The TCGA SpliceSeq20 (https://bioinformatics.mdanderson.org/TCGASpliceSeq) HNF1B data (based on whole transcriptome RNA-Seq approach) from colon adenocarcinoma (COAD), kidney renal clear cell carcinoma (KIRC) and prostate adenocarcinoma (PRAD) datasets together with their paired NT tissue samples was downloaded directly from TCGAss download page. Non-paired T samples and samples without detected ASV 3p expression (which is considered ubiquitous) were filtered out. The PSI values (percent splice in; percent of transcripts where the exon or variant is present) were recalculated as 100% – PSI which corresponds to a percentage where the variant is missing. Altogether paired T and NT samples of large intestine (COAD; N = 33); kidney (KIRC; N = 57) and prostate (PRAD; N = 38) datasets were further analysed. Downloaded data lacked variant Δ7, as a single exon skipping between exons 6 and 8. This variant was detected only in fraction of TCGA samples as the web viewer showed. In TCGAss, another variant 7 is present, but its expression is related to the exon 6–9 splice junction as skipped exon 7 together with skipped exon 7–8 variant.
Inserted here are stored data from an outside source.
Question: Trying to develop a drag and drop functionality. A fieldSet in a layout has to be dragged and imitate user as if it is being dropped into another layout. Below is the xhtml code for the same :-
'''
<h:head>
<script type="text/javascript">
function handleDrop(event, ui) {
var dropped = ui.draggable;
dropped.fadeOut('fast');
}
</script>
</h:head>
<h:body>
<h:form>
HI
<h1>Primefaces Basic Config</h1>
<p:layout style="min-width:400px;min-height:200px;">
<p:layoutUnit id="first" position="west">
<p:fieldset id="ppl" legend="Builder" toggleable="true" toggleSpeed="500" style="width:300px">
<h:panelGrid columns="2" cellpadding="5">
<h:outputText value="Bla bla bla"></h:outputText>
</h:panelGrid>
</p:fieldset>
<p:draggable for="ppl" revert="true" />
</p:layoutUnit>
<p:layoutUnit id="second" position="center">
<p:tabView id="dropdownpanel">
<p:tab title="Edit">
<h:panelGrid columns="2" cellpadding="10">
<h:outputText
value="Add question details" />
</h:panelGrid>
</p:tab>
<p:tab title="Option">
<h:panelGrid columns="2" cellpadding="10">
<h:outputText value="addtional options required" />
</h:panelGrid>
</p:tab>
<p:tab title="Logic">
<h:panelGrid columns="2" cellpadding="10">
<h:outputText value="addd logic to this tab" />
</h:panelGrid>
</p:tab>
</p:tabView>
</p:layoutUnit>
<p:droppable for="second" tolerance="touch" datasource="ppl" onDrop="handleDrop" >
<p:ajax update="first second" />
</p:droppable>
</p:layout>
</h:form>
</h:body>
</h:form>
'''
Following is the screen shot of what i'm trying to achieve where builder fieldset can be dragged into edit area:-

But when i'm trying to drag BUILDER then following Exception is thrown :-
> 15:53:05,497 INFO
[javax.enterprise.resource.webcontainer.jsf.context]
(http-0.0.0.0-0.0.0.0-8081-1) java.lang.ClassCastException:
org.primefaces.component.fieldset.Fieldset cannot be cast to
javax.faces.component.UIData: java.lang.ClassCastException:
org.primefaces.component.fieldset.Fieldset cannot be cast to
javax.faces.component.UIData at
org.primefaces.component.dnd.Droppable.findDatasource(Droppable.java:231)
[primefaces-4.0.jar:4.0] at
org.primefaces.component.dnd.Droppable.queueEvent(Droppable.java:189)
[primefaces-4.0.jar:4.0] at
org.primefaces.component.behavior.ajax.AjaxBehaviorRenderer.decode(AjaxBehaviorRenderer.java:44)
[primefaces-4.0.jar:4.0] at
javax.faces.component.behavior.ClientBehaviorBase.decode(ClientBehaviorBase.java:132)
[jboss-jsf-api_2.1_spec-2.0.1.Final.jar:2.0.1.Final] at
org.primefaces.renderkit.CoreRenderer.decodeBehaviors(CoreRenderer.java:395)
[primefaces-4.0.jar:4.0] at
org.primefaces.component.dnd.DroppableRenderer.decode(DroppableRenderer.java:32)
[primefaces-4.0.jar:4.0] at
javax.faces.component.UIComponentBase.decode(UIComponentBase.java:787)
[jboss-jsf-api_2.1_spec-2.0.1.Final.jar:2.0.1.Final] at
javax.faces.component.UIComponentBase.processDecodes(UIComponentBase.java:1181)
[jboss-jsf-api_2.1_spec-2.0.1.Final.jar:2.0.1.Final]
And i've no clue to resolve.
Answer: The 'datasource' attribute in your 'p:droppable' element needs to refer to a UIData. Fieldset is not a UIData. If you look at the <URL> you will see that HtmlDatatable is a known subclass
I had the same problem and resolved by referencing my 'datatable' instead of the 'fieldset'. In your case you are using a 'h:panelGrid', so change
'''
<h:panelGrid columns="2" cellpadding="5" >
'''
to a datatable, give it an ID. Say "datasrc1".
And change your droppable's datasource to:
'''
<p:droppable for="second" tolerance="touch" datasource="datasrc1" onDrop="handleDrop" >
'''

This calculation is not compliant with our approach and therefore we skipped this variant for further comparison.

Database information

The information about the HNF1B transcripts was obtained from the RefSeq database as of April 30, 2021, where the spectrum of the fully characterized and predicted HNF1B transcripts was wider in comparison to the Ensembl database. The general information about the HNF1B mRNA expression in a variety of human tissues, as well as other used reference genes for mRNA expression, was obtained from the GTEx Portal database7.